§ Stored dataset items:
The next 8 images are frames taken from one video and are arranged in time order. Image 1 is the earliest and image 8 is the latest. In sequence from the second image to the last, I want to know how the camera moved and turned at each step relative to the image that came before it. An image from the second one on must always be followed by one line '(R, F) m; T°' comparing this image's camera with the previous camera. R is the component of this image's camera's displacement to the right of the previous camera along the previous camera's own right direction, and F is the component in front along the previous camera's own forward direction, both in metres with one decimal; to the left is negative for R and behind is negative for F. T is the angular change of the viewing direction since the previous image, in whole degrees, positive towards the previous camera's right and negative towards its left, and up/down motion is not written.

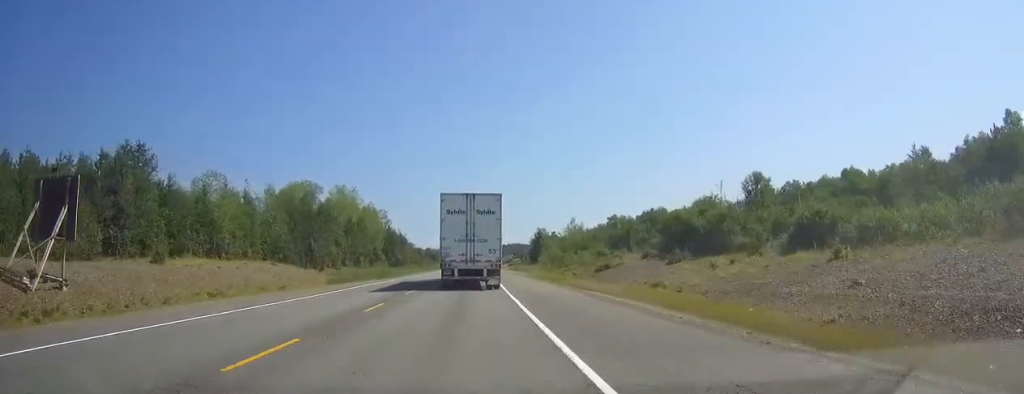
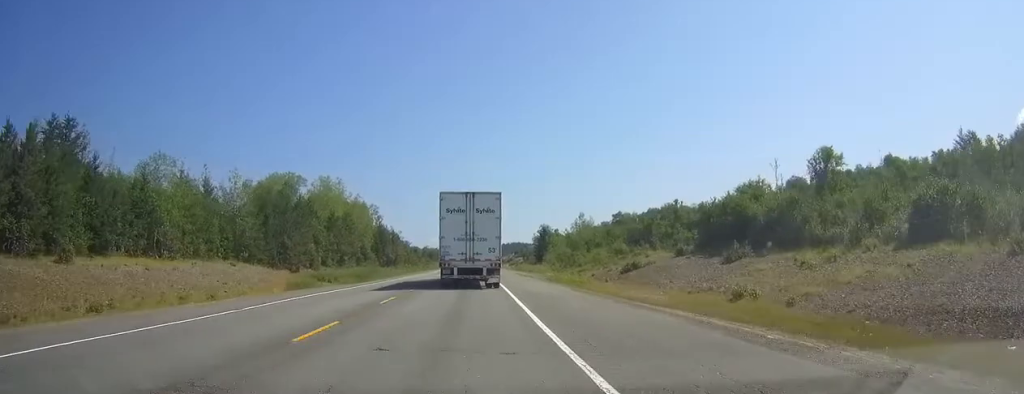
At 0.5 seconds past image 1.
(+0.1, +14.6) m; 0°
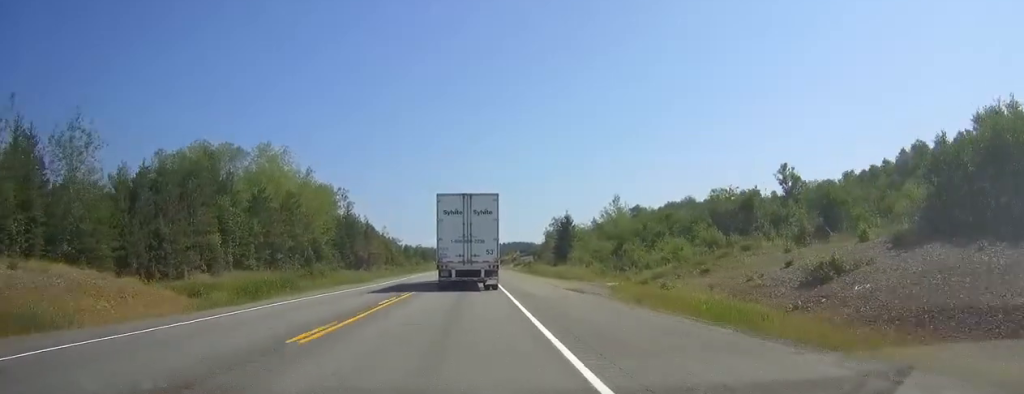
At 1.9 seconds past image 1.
(0.0, +38.5) m; 0°
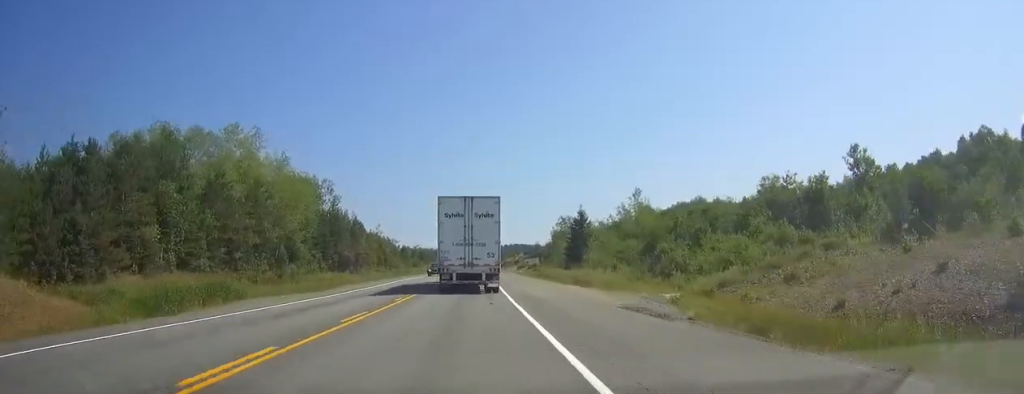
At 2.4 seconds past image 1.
(0.0, +13.8) m; 0°
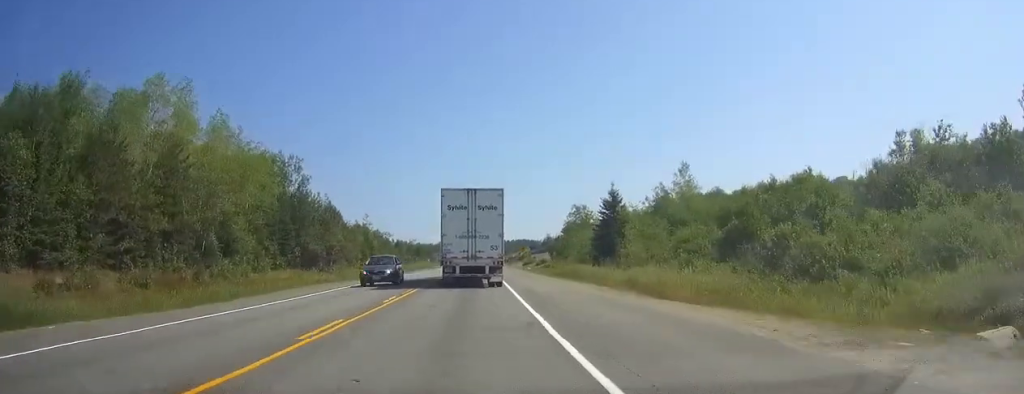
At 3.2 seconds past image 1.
(0.0, +22.0) m; 0°
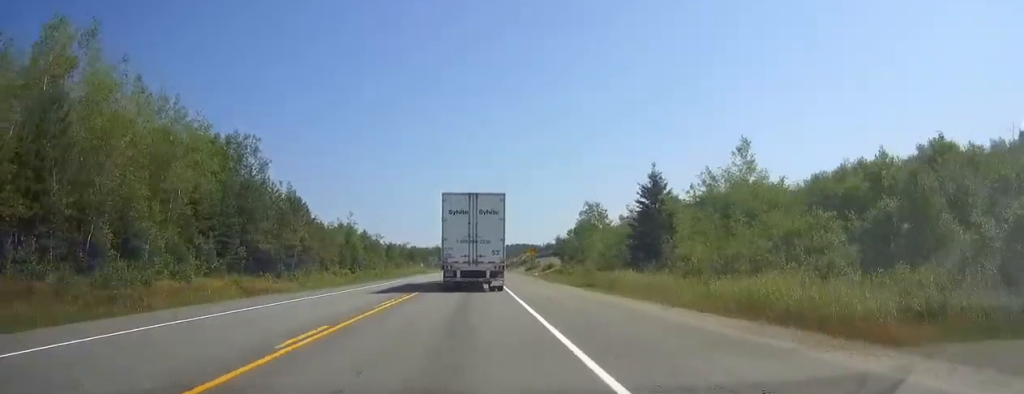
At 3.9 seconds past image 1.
(0.0, +18.4) m; 0°
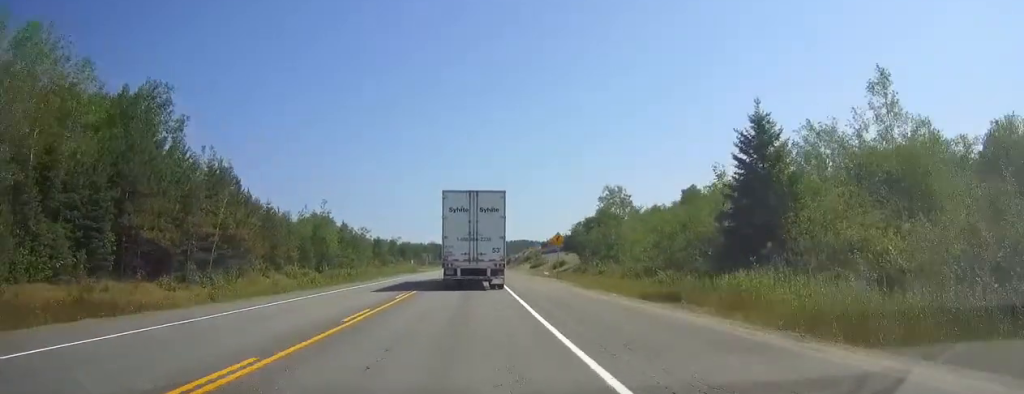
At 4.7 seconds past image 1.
(+0.1, +22.9) m; 0°
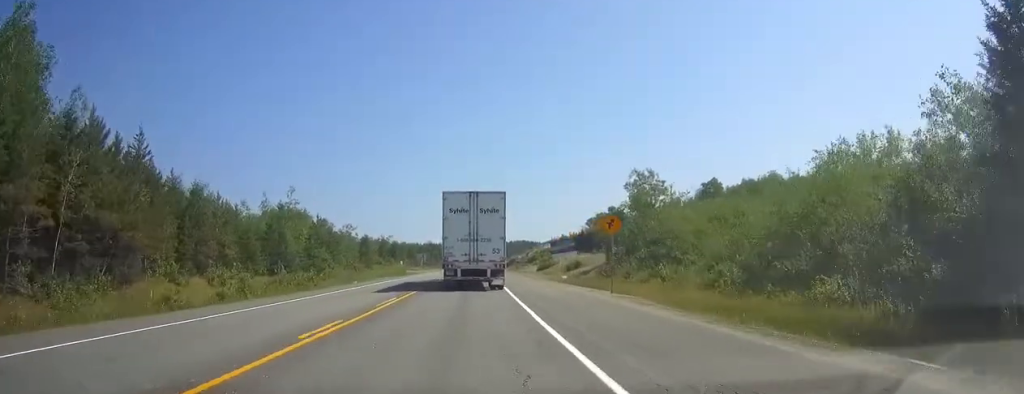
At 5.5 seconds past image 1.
(0.0, +21.0) m; 0°

§ WHAT THIS TASK INVOLVES: An exact reproduction of all the records is required, with no pictures included.

§ SOLUTION BELOW:
The next 8 images are frames taken from one video and are arranged in time order. Image 1 is the earliest and image 8 is the latest. In sequence from the second image to the last, I want to know how the camera moved and turned at each step relative to the image that came before it. An image from the second one on must always be followed by one line '(R, F) m; T°' comparing this image's camera with the previous camera. R is the component of this image's camera's displacement to the right of the previous camera along the previous camera's own right direction, and F is the component in front along the previous camera's own forward direction, both in metres with one decimal; to the left is negative for R and behind is negative for F. T is the angular change of the viewing direction since the previous image, in whole degrees, positive towards the previous camera's right and negative towards its left, and up/down motion is not written.

At 0.5 seconds past image 1.
(+0.1, +14.6) m; 0°
At 1.9 seconds past image 1.
(0.0, +38.5) m; 0°
At 2.4 seconds past image 1.
(0.0, +13.8) m; 0°
At 3.2 seconds past image 1.
(0.0, +22.0) m; 0°
At 3.9 seconds past image 1.
(0.0, +18.4) m; 0°
At 4.7 seconds past image 1.
(+0.1, +22.9) m; 0°
At 5.5 seconds past image 1.
(0.0, +21.0) m; 0°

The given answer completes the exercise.